In the face of the many discouraging reports on how Arab Americans have fared since 9/11, Zoghby is able to point to several gains. "We are now better recognised within the mainstream. We have made it possible for someone in Congress to say I am an Arab American. We have made the term common currency when 20 years ago it did not exist. We have won battles along the way."

Zoghby is adamant that the process now started "is like a car going downhill. You can throw obstacles in its way but it will overcome them and actually accelerate. In our country, today we are better recognised and better protected".

The day we spoke the Washington Post had, for the second day running, published a feature on the fears of Arab immigrant workers. And Zoghby points out that "12 hours after the first tower fell we started receiving calls from people such as Senator John Edwards. In less than 24 hours 12 different senators had called. Seventeen senators met with AAI representatives. President Bush addressed our community and made his support clear. What does this say?"

"The hate is real. Ashcroft is real. But the coalitions that have come together cannot be severed by the evil of 9/11. This would not have been the case if not for some the momentum we started."

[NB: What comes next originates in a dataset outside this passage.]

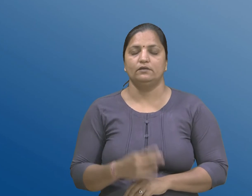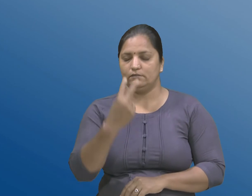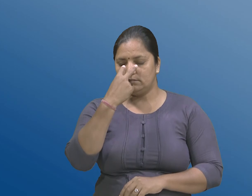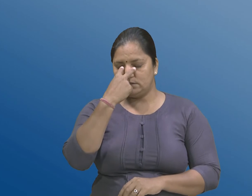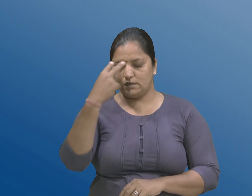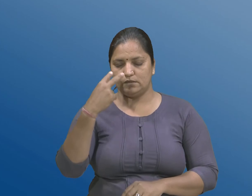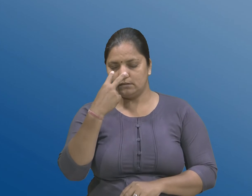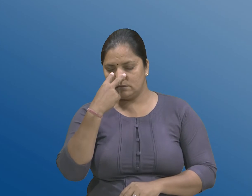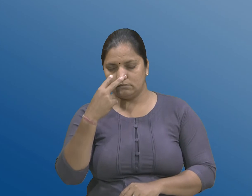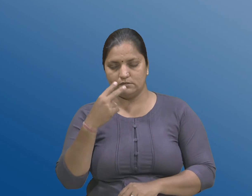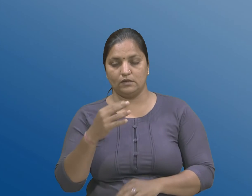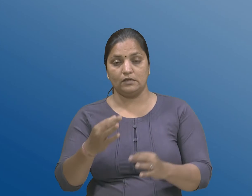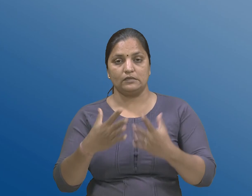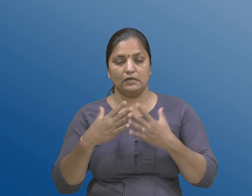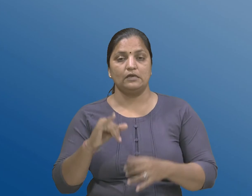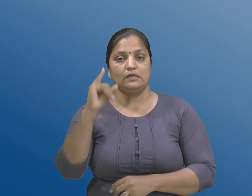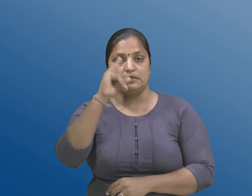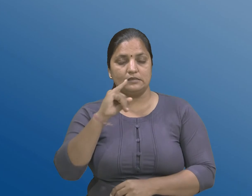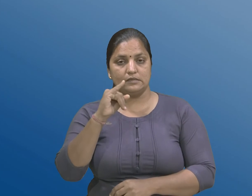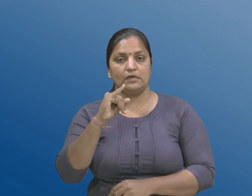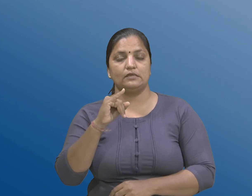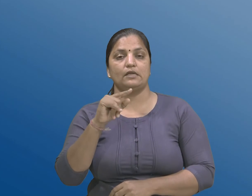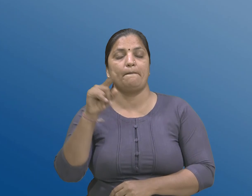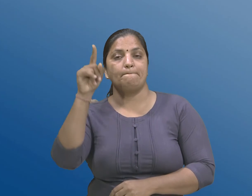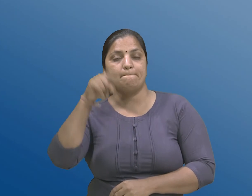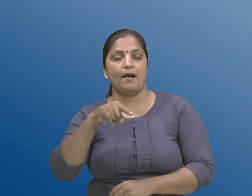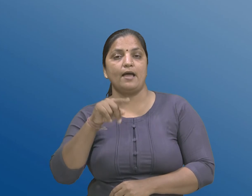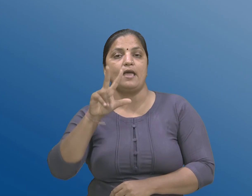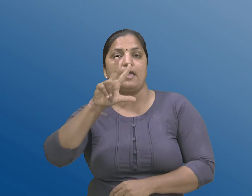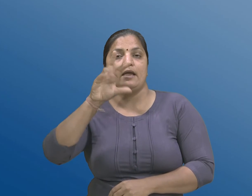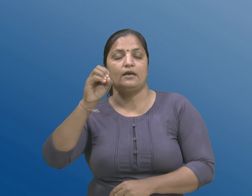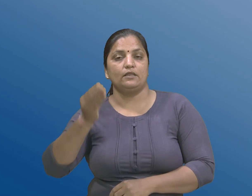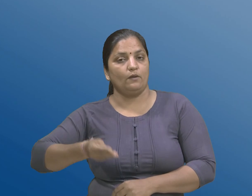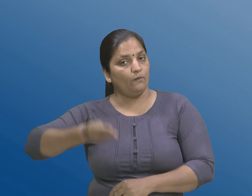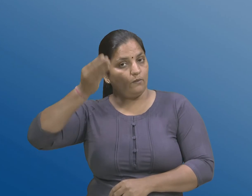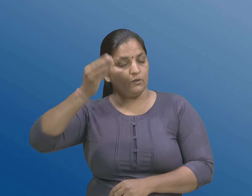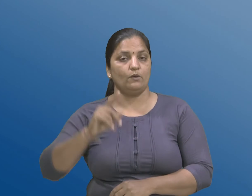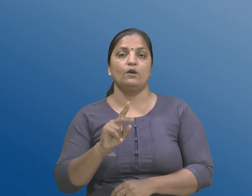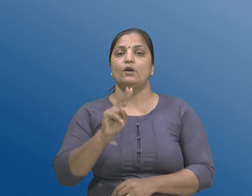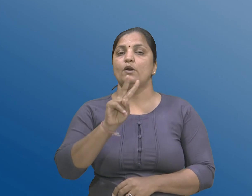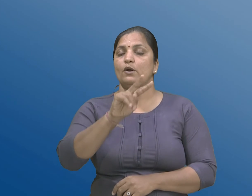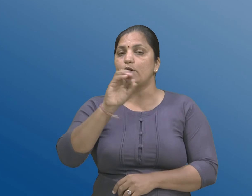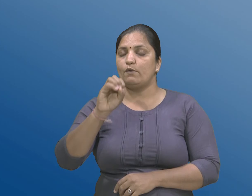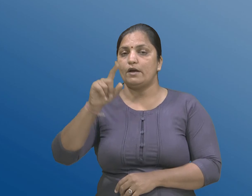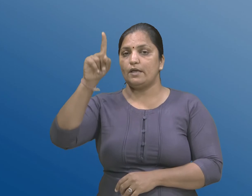तिक्ष्णता 6 x 18 थी वदू नहीं, अथवा 20 x 60 थी ओची,

Zoghby is not someone to be intimidated by setbacks, even a setback as enormous as that which occurred on 9/11.

"If you know who you are and what your values are then you not only have the right to speak your mind but the obligation to do so. And we will win. Those who blew up the buildings did not define us. The civil liberties movement in the US will win."

But what of the relationship between Arab Americans and the countries from which their heritage is drawn?

"The Arab countries have not helped. You cannot win the American public by buying adds in the papers. You must work to earn free media. Not a week goes by without an Israeli delegation covering the country. Arab presidents come and visit with dignitaries but that is not the way to win the understanding of the American public."

It is an unfortunate state of affairs as far as Zoghby is concerned. "Also what the Arab governments do not seem to understand is that we can serve as a bridge in building understanding between the Arab world and the US. We can do so as equal partners.

"I feel like Sisyphus. He would roll the stone up the hill and when it came down he would roll it back up again. What Camus did not tell us is that every time he rolled it back up he got stronger -- and smarter."